→ Exercise
Nothing but the lines from the one containing "Q: Is the text bold? A: No." through the one containing "Q: How is the paragraph aligned? A: Centered.", both included, should be given again, each exactly as written below.

Listed records START

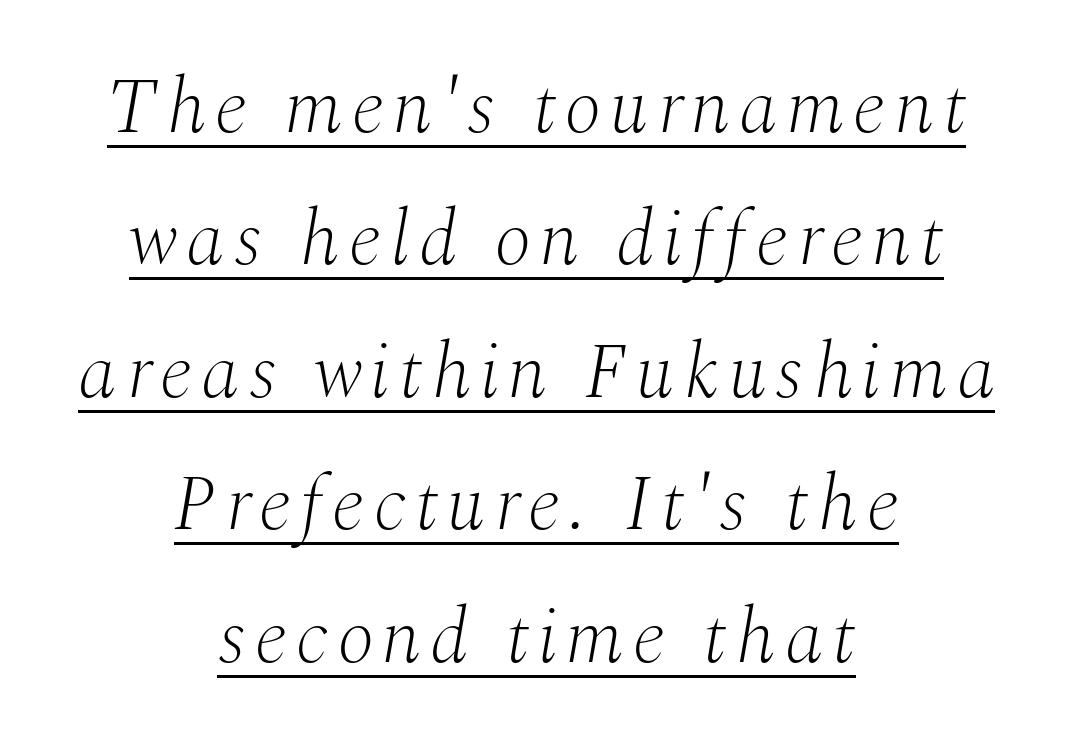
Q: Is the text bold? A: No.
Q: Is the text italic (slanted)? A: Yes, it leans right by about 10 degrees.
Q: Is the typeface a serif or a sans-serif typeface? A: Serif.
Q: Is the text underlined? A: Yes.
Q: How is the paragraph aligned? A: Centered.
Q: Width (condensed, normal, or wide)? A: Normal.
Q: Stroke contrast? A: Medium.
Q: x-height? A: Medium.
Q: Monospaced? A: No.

Listed records END
Listed records START

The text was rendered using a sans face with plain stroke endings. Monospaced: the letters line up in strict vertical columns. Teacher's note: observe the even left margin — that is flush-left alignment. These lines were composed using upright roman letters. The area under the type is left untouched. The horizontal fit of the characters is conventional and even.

Listed records END

→ Answer for the task
Q: Is the text bold? A: No.
Q: Is the text italic (slanted)? A: Yes, it leans right by about 10 degrees.
Q: Is the typeface a serif or a sans-serif typeface? A: Serif.
Q: Is the text underlined? A: Yes.
Q: How is the paragraph aligned? A: Centered.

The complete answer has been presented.